MATERIAL TO PROCESS:
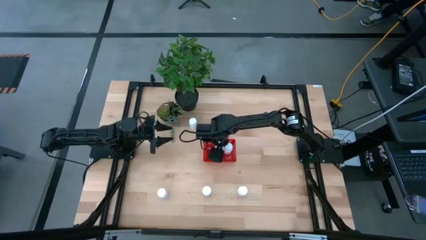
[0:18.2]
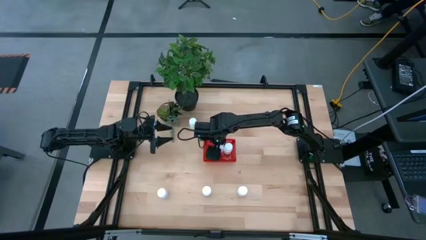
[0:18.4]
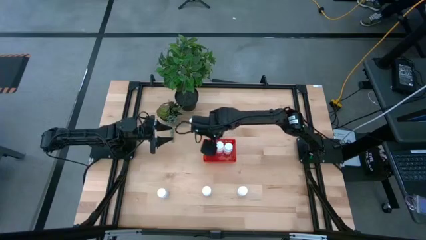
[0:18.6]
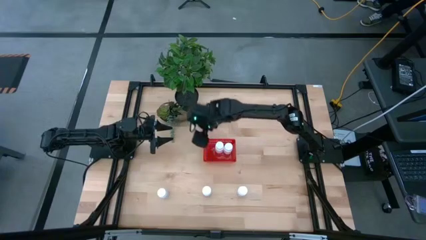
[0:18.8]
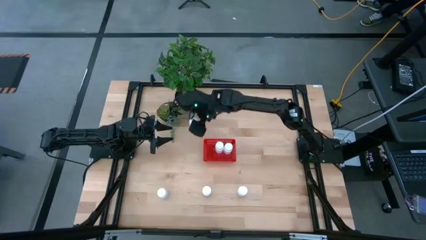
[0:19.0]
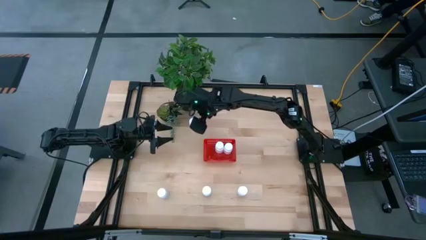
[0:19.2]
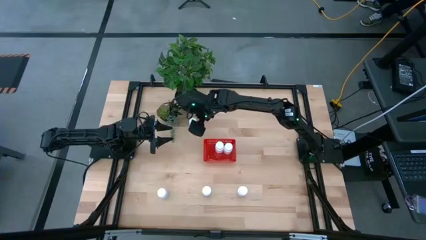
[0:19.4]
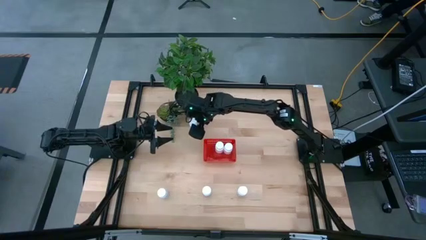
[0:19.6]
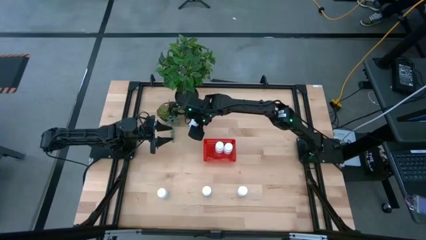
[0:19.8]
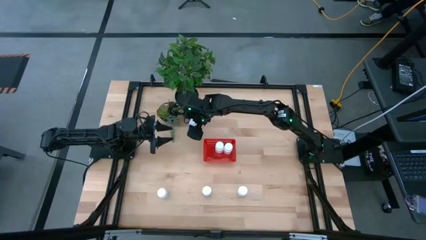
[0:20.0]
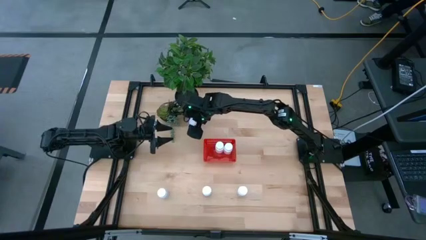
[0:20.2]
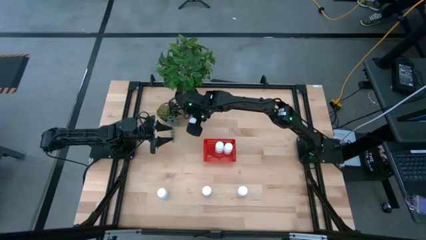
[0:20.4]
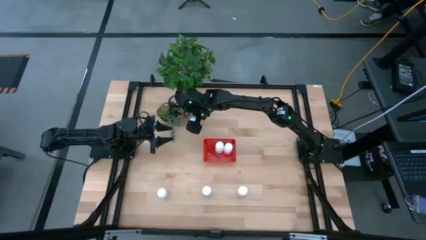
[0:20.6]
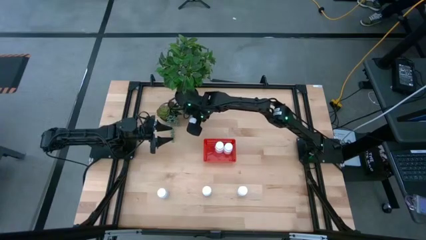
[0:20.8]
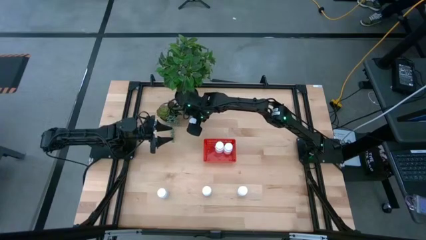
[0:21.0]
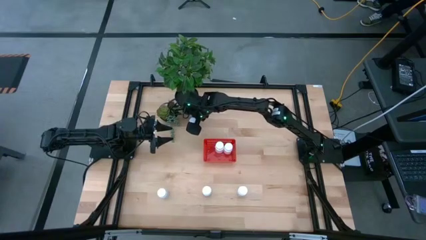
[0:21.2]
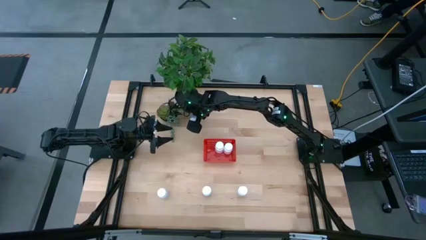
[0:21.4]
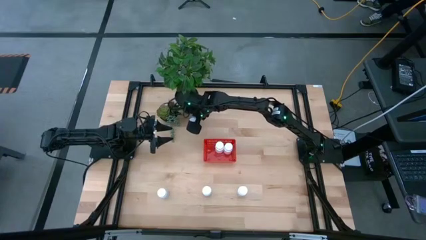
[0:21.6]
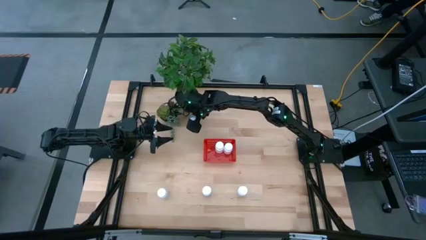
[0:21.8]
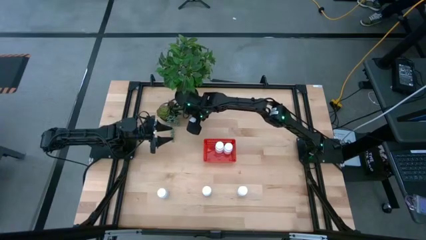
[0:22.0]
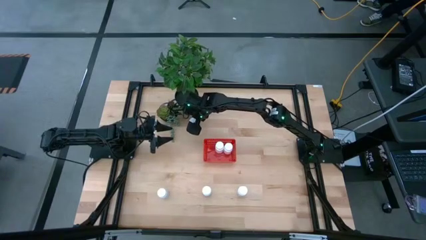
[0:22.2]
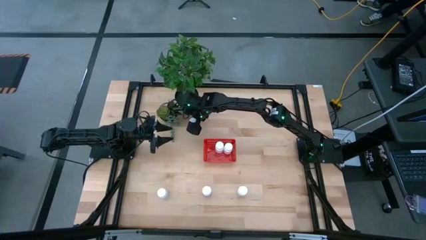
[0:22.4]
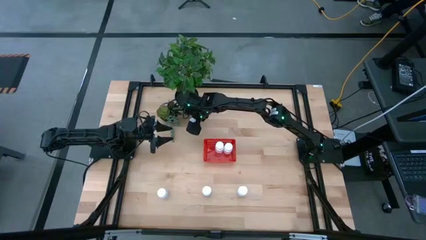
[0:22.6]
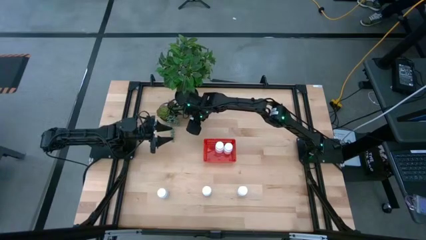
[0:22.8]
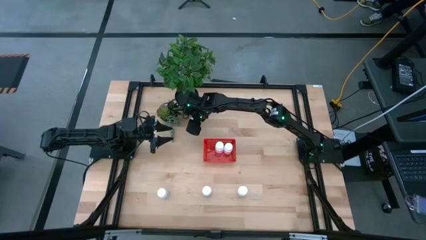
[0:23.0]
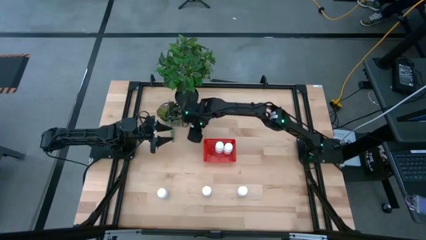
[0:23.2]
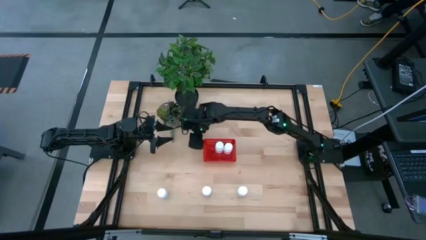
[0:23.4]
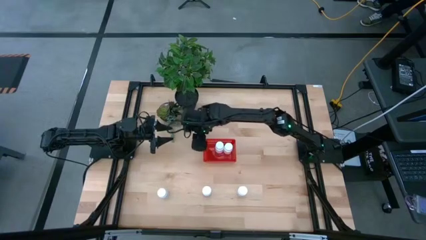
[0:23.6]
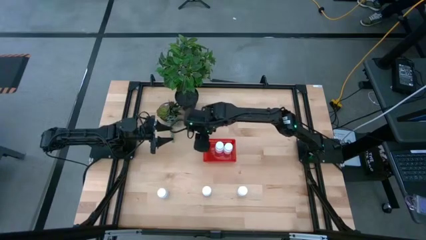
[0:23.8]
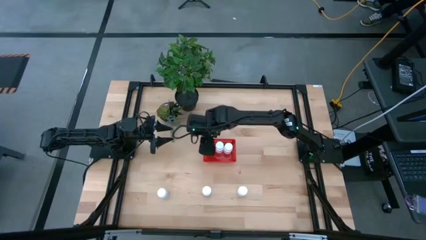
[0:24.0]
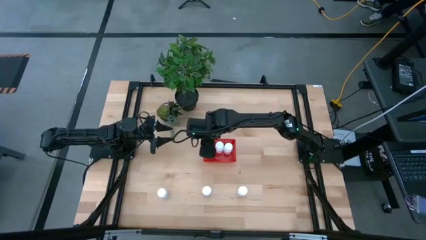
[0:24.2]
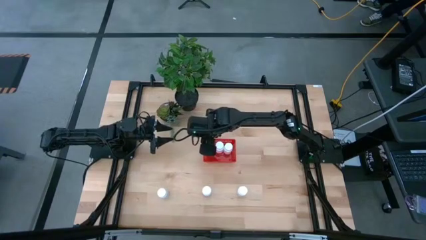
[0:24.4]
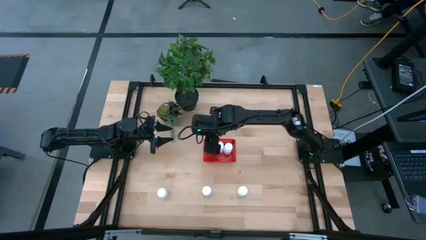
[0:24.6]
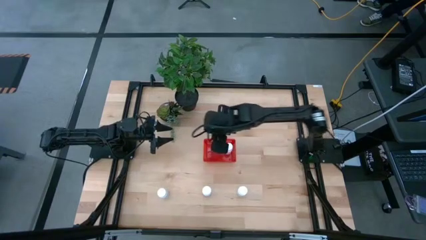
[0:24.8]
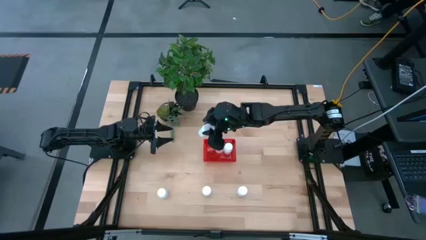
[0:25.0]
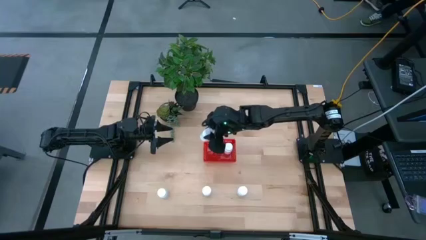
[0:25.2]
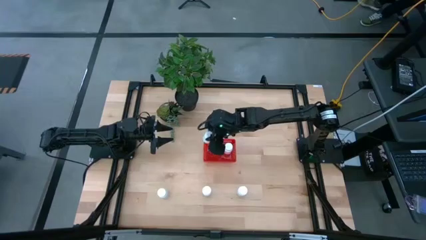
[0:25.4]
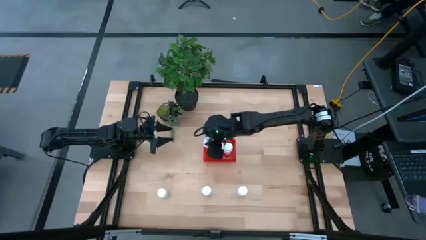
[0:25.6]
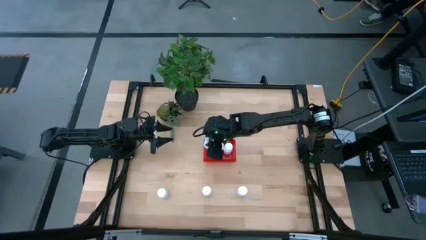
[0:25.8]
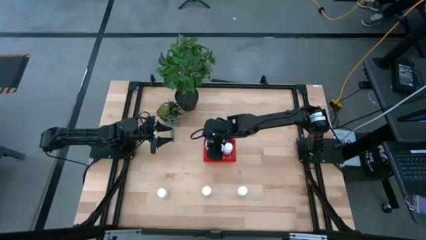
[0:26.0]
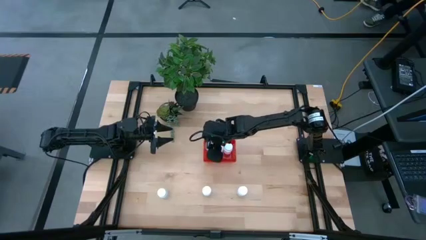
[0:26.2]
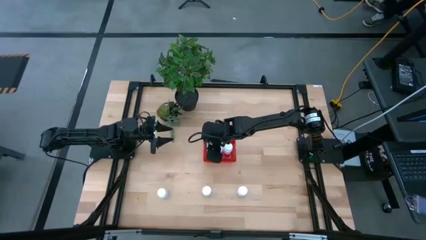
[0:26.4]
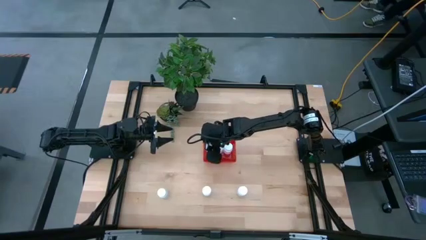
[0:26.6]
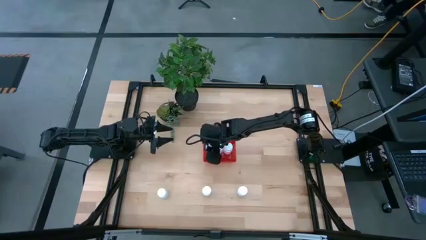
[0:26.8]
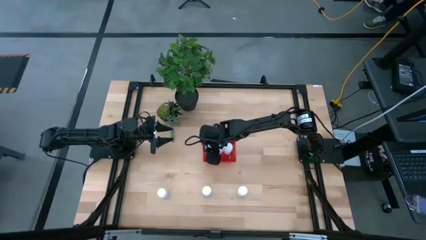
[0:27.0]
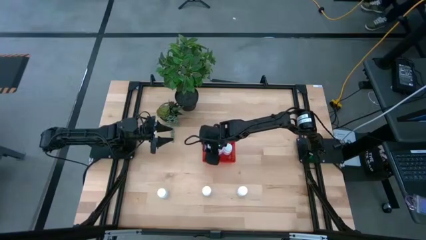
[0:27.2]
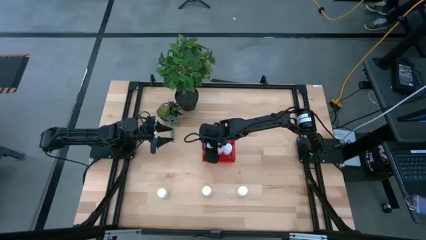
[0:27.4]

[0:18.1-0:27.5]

PROBLEM DETAILS:
Return the material above exactly; the images stay out.

OUTPUT BELOW:
[0:18.2]
[0:18.4]
[0:18.6]
[0:18.8]
[0:19.0]
[0:19.2]
[0:19.4]
[0:19.6]
[0:19.8]
[0:20.0]
[0:20.2]
[0:20.4]
[0:20.6]
[0:20.8]
[0:21.0]
[0:21.2]
[0:21.4]
[0:21.6]
[0:21.8]
[0:22.0]
[0:22.2]
[0:22.4]
[0:22.6]
[0:22.8]
[0:23.0]
[0:23.2]
[0:23.4]
[0:23.6]
[0:23.8]
[0:24.0]
[0:24.2]
[0:24.4]
[0:24.6]
[0:24.8]
[0:25.0]
[0:25.2]
[0:25.4]
[0:25.6]
[0:25.8]
[0:26.0]
[0:26.2]
[0:26.4]
[0:26.6]
[0:26.8]
[0:27.0]
[0:27.2]
[0:27.4]

[0:18.1-0:27.5]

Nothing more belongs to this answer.